Content starts

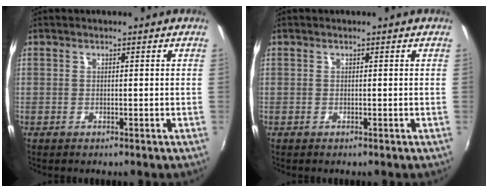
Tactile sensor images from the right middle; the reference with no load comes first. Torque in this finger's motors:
{"motor_torque": [0.05, -0.03, 0.01, 0.01]}
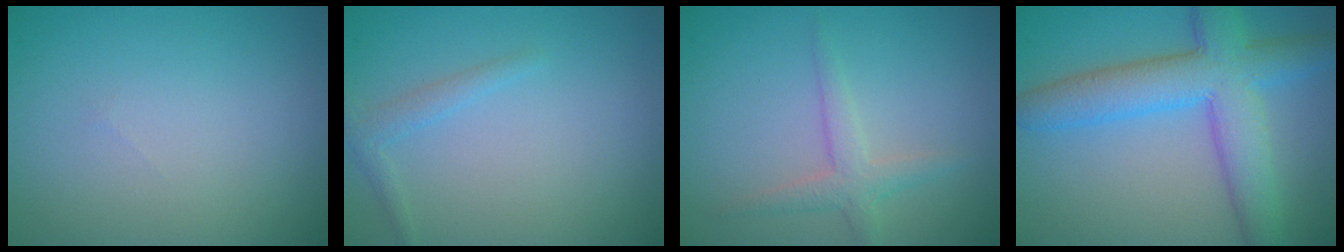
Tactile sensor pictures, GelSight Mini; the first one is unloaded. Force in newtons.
{"total": 1.3, "press": 1.3, "slide": 0.1}
{"total": 2.2, "press": 2.2, "slide": 0.1}
{"total": 7.2, "press": 7.2, "slide": 0.2}
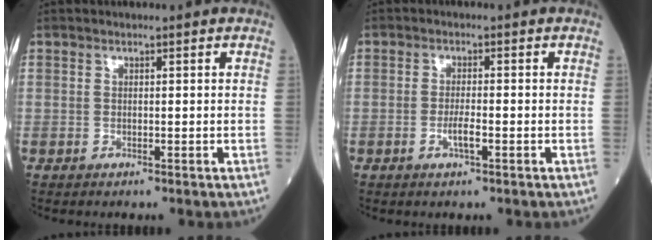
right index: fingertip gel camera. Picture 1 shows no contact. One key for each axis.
{"total": 2.6, "fx": -1.0, "fy": 0.3, "fz": 2.4, "tx": -0.047, "ty": -0.001, "tz": -0.020}
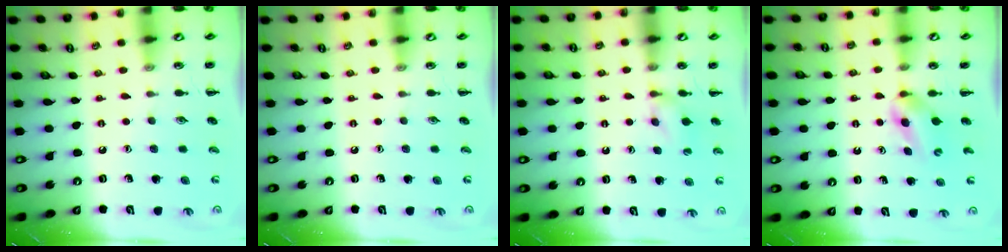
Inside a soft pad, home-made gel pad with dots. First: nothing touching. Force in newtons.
{"total": 0.0}
{"total": 4.9, "press": 4.6, "slide": 1.6}
{"total": 2.8, "press": 2.5, "slide": 1.3}
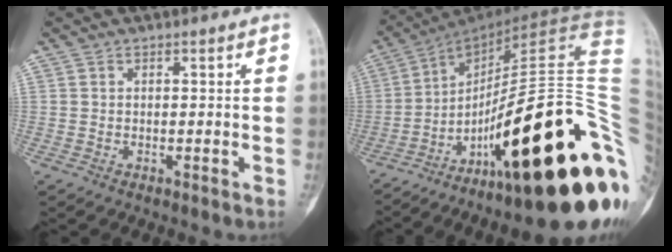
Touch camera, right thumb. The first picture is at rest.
{"total": 40.9, "force": [-11.8, 10.3, 37.8], "torque": [-0.484, 0.059, -0.184]}
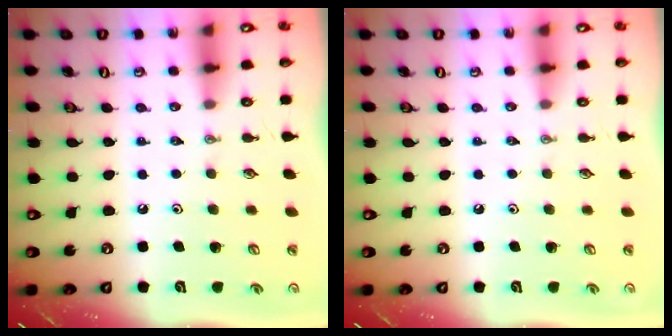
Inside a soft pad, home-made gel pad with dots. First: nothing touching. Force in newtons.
{"total": 0.0}
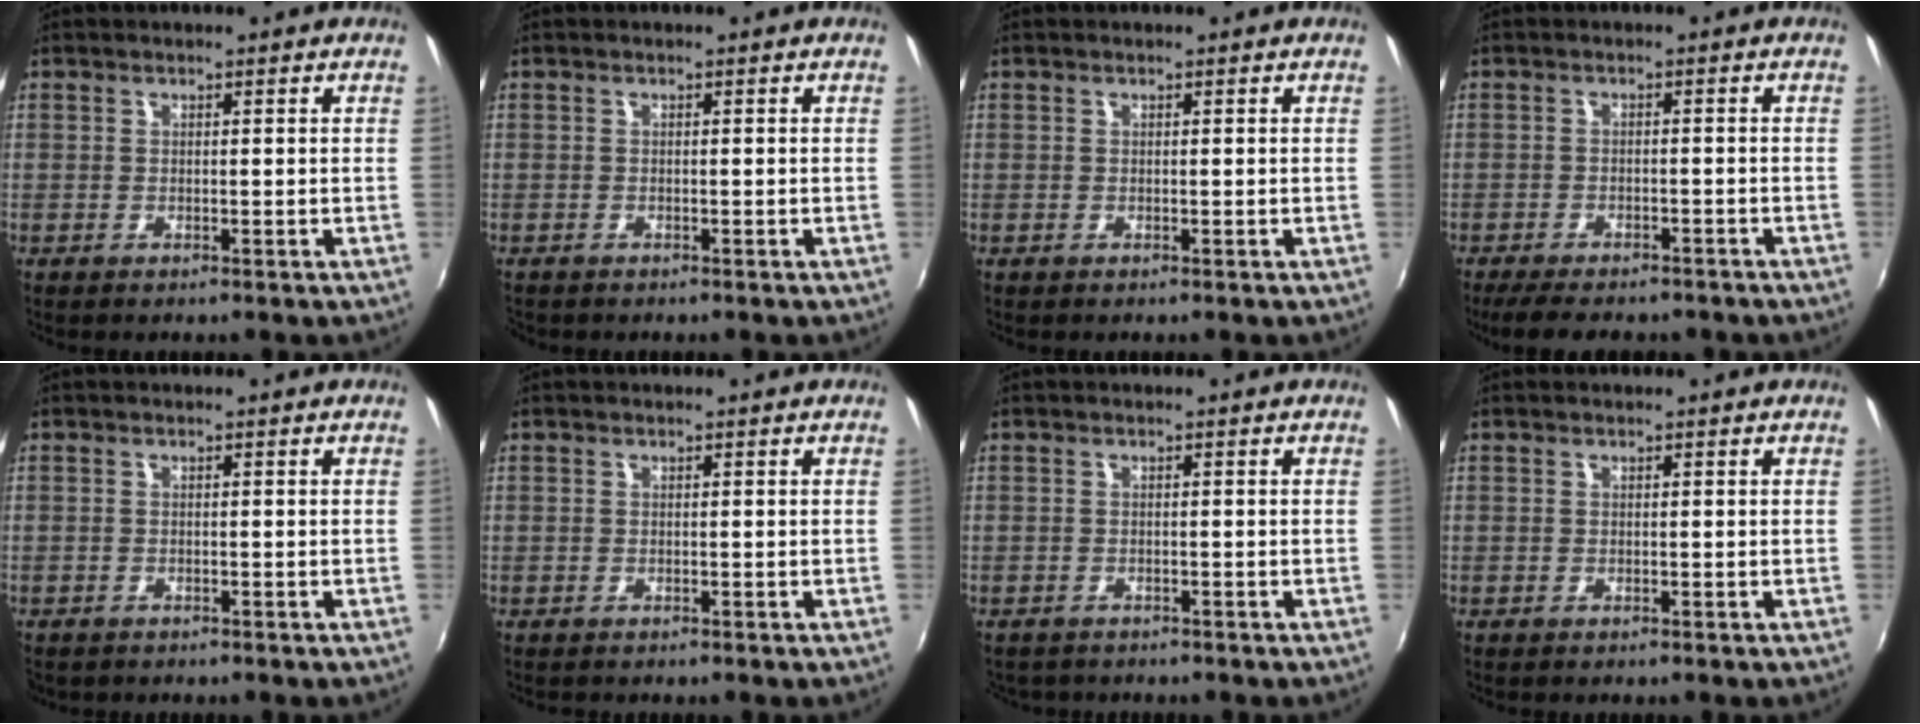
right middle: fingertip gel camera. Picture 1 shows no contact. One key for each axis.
{"total": 0.6, "fx": -0.5, "fy": 0.3, "fz": 0.0, "tx": -0.002, "ty": -0.002, "tz": -0.010}
{"total": 0.0}
{"total": 10.3, "fx": -8.4, "fy": 3.2, "fz": 5.0, "tx": -0.110, "ty": -0.027, "tz": -0.125}
{"total": 1.1, "fx": -0.8, "fy": 0.7, "fz": 0.1, "tx": -0.008, "ty": -0.002, "tz": -0.013}
{"total": 0.0}
{"total": 2.5, "fx": -2.1, "fy": 1.3, "fz": 0.4, "tx": -0.013, "ty": -0.010, "tz": -0.031}
{"total": 0.0}
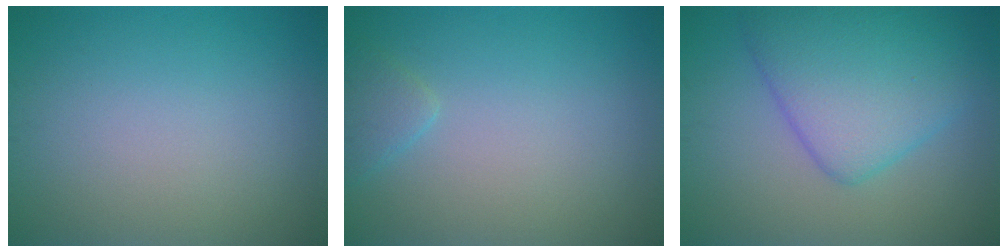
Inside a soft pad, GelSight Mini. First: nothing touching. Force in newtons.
{"total": 1.4, "press": 1.4, "slide": 0.2}
{"total": 7.0, "press": 7.0, "slide": 0.2}
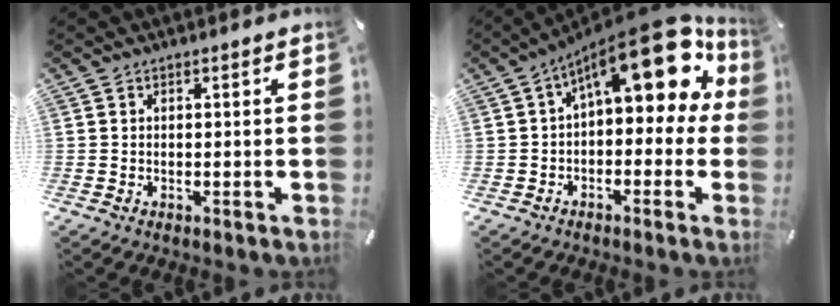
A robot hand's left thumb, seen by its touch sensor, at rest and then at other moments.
{"total": 18.5, "force": [8.1, 8.1, 14.6], "torque": [-0.207, -0.056, 0.134]}
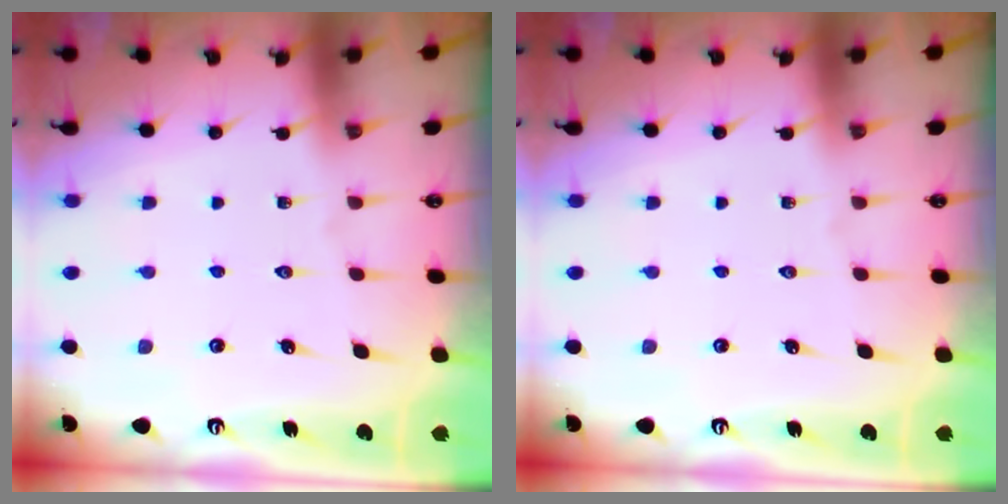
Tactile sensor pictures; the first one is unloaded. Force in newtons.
{"total": 0.0}
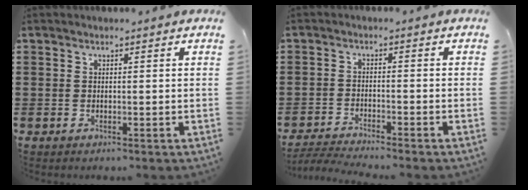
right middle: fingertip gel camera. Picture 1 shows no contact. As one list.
[{"total": 3.1, "force": [-3.0, -0.1, 0.7], "torque": [-0.027, -0.005, -0.067]}]
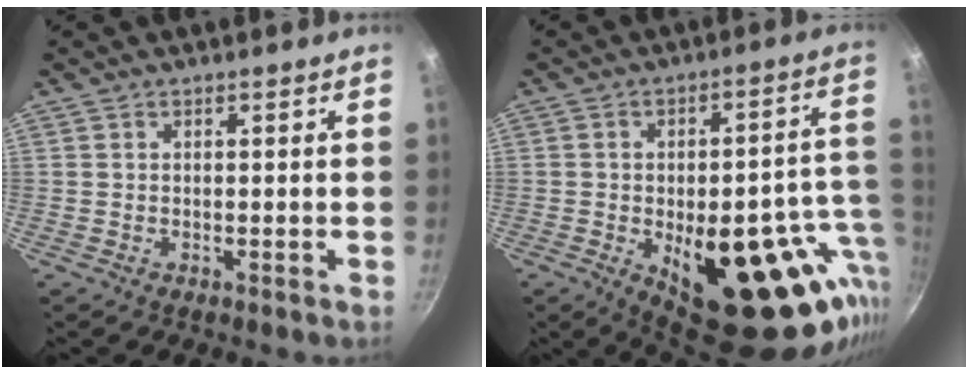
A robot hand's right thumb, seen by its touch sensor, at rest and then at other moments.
{"total": 26.5, "force": [-6.9, 12.1, 22.6], "torque": [-0.234, 0.008, -0.073]}
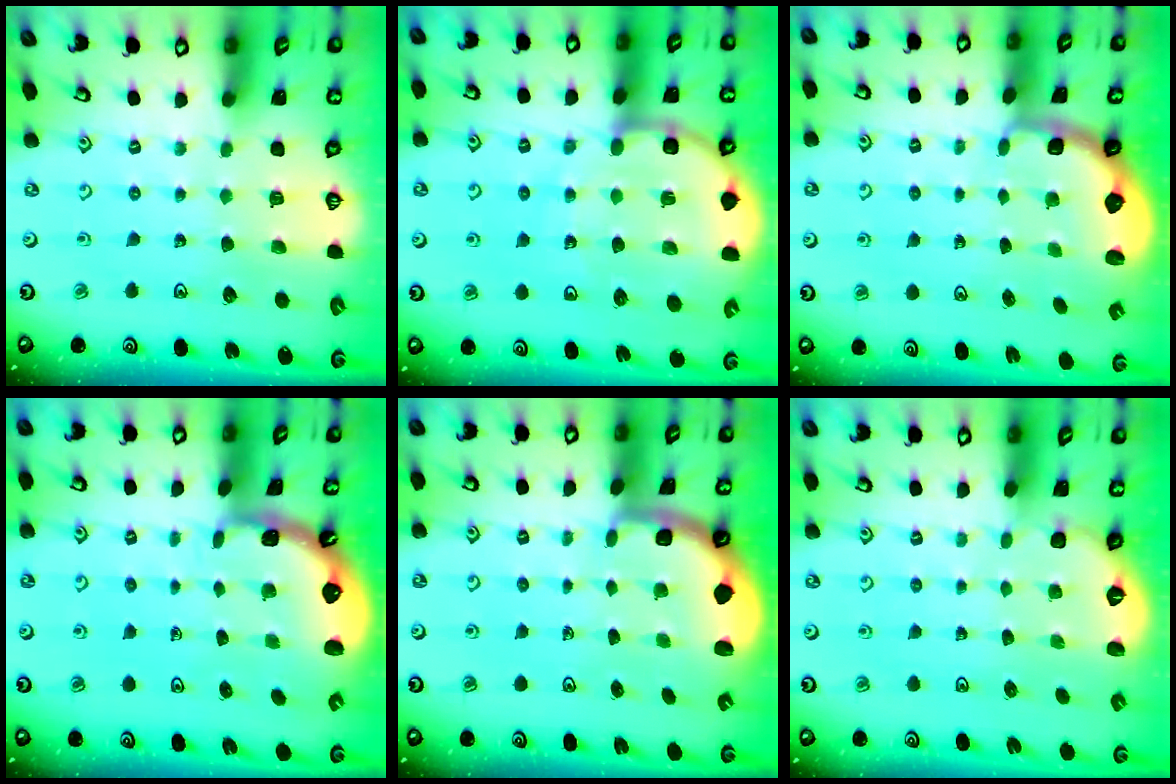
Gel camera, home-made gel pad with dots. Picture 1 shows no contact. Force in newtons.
{"total": 11.3, "press": 10.9, "slide": 3.1}
{"total": 2.6, "press": 2.1, "slide": 1.7}
{"total": 1.0, "press": 1.0, "slide": 0.2}
{"total": 1.7, "press": 1.7, "slide": 0.3}
{"total": 2.0, "press": 0.6, "slide": 1.9}
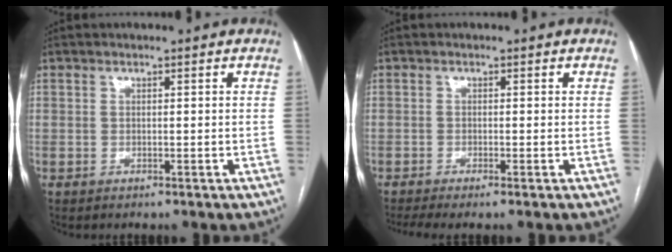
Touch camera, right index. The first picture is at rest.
{"total": 2.6, "force": [-1.8, 0.0, 1.9], "torque": [-0.037, -0.007, -0.034]}
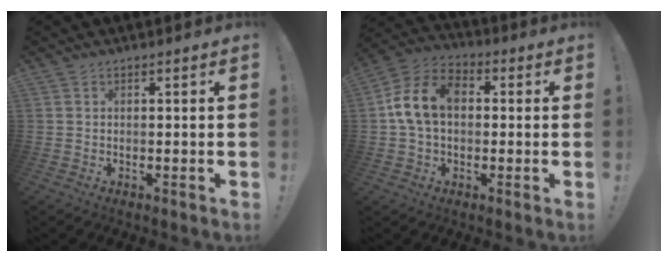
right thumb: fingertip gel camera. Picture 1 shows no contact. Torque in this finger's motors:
{"motor_torque": [1.39, 1.39, 0.36, 0.32, 0.11]}
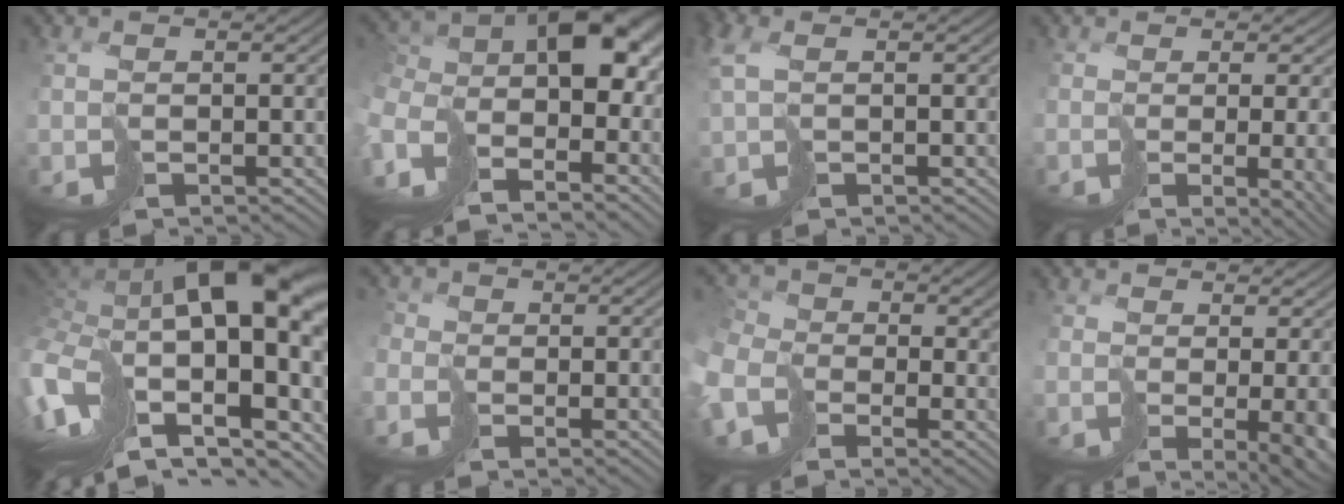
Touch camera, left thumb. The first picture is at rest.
{"total": 13.3, "force": [-5.4, 7.0, 9.9], "torque": [-0.230, -0.011, -0.089]}
{"total": 3.3, "force": [0.2, 2.1, 2.6], "torque": [-0.081, -0.004, 0.007]}
{"total": 7.4, "force": [-1.1, 2.4, 6.9], "torque": [-0.071, -0.028, 0.024]}
{"total": 17.9, "force": [-2.1, 10.3, 14.5], "torque": [-0.297, -0.028, -0.010]}
{"total": 1.4, "force": [-1.0, 1.0, 0.0], "torque": [-0.005, 0.003, -0.026]}
{"total": 9.1, "force": [-2.9, 6.8, 5.4], "torque": [-0.153, -0.029, -0.049]}
{"total": 6.1, "force": [-0.9, 1.3, 5.9], "torque": [-0.077, -0.027, 0.012]}
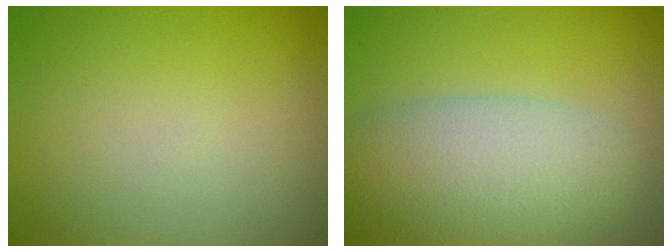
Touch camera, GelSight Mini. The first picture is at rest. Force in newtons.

Content ends

Description of the task :: Restate the material above word for word, so that nothing changes except that the pictures are gone.

Response ::
Tactile sensor images from the right middle; the reference with no load comes first. Torque in this finger's motors:
{"motor_torque": [0.05, -0.03, 0.01, 0.01]}
Tactile sensor pictures, GelSight Mini; the first one is unloaded. Force in newtons.
{"total": 1.3, "press": 1.3, "slide": 0.1}
{"total": 2.2, "press": 2.2, "slide": 0.1}
{"total": 7.2, "press": 7.2, "slide": 0.2}
right index: fingertip gel camera. Picture 1 shows no contact. One key for each axis.
{"total": 2.6, "fx": -1.0, "fy": 0.3, "fz": 2.4, "tx": -0.047, "ty": -0.001, "tz": -0.020}
Inside a soft pad, home-made gel pad with dots. First: nothing touching. Force in newtons.
{"total": 0.0}
{"total": 4.9, "press": 4.6, "slide": 1.6}
{"total": 2.8, "press": 2.5, "slide": 1.3}
Touch camera, right thumb. The first picture is at rest.
{"total": 40.9, "force": [-11.8, 10.3, 37.8], "torque": [-0.484, 0.059, -0.184]}
Inside a soft pad, home-made gel pad with dots. First: nothing touching. Force in newtons.
{"total": 0.0}
right middle: fingertip gel camera. Picture 1 shows no contact. One key for each axis.
{"total": 0.6, "fx": -0.5, "fy": 0.3, "fz": 0.0, "tx": -0.002, "ty": -0.002, "tz": -0.010}
{"total": 0.0}
{"total": 10.3, "fx": -8.4, "fy": 3.2, "fz": 5.0, "tx": -0.110, "ty": -0.027, "tz": -0.125}
{"total": 1.1, "fx": -0.8, "fy": 0.7, "fz": 0.1, "tx": -0.008, "ty": -0.002, "tz": -0.013}
{"total": 0.0}
{"total": 2.5, "fx": -2.1, "fy": 1.3, "fz": 0.4, "tx": -0.013, "ty": -0.010, "tz": -0.031}
{"total": 0.0}
Inside a soft pad, GelSight Mini. First: nothing touching. Force in newtons.
{"total": 1.4, "press": 1.4, "slide": 0.2}
{"total": 7.0, "press": 7.0, "slide": 0.2}
A robot hand's left thumb, seen by its touch sensor, at rest and then at other moments.
{"total": 18.5, "force": [8.1, 8.1, 14.6], "torque": [-0.207, -0.056, 0.134]}
Tactile sensor pictures; the first one is unloaded. Force in newtons.
{"total": 0.0}
right middle: fingertip gel camera. Picture 1 shows no contact. As one list.
[{"total": 3.1, "force": [-3.0, -0.1, 0.7], "torque": [-0.027, -0.005, -0.067]}]
A robot hand's right thumb, seen by its touch sensor, at rest and then at other moments.
{"total": 26.5, "force": [-6.9, 12.1, 22.6], "torque": [-0.234, 0.008, -0.073]}
Gel camera, home-made gel pad with dots. Picture 1 shows no contact. Force in newtons.
{"total": 11.3, "press": 10.9, "slide": 3.1}
{"total": 2.6, "press": 2.1, "slide": 1.7}
{"total": 1.0, "press": 1.0, "slide": 0.2}
{"total": 1.7, "press": 1.7, "slide": 0.3}
{"total": 2.0, "press": 0.6, "slide": 1.9}
Touch camera, right index. The first picture is at rest.
{"total": 2.6, "force": [-1.8, 0.0, 1.9], "torque": [-0.037, -0.007, -0.034]}
right thumb: fingertip gel camera. Picture 1 shows no contact. Torque in this finger's motors:
{"motor_torque": [1.39, 1.39, 0.36, 0.32, 0.11]}
Touch camera, left thumb. The first picture is at rest.
{"total": 13.3, "force": [-5.4, 7.0, 9.9], "torque": [-0.230, -0.011, -0.089]}
{"total": 3.3, "force": [0.2, 2.1, 2.6], "torque": [-0.081, -0.004, 0.007]}
{"total": 7.4, "force": [-1.1, 2.4, 6.9], "torque": [-0.071, -0.028, 0.024]}
{"total": 17.9, "force": [-2.1, 10.3, 14.5], "torque": [-0.297, -0.028, -0.010]}
{"total": 1.4, "force": [-1.0, 1.0, 0.0], "torque": [-0.005, 0.003, -0.026]}
{"total": 9.1, "force": [-2.9, 6.8, 5.4], "torque": [-0.153, -0.029, -0.049]}
{"total": 6.1, "force": [-0.9, 1.3, 5.9], "torque": [-0.077, -0.027, 0.012]}
Touch camera, GelSight Mini. The first picture is at rest. Force in newtons.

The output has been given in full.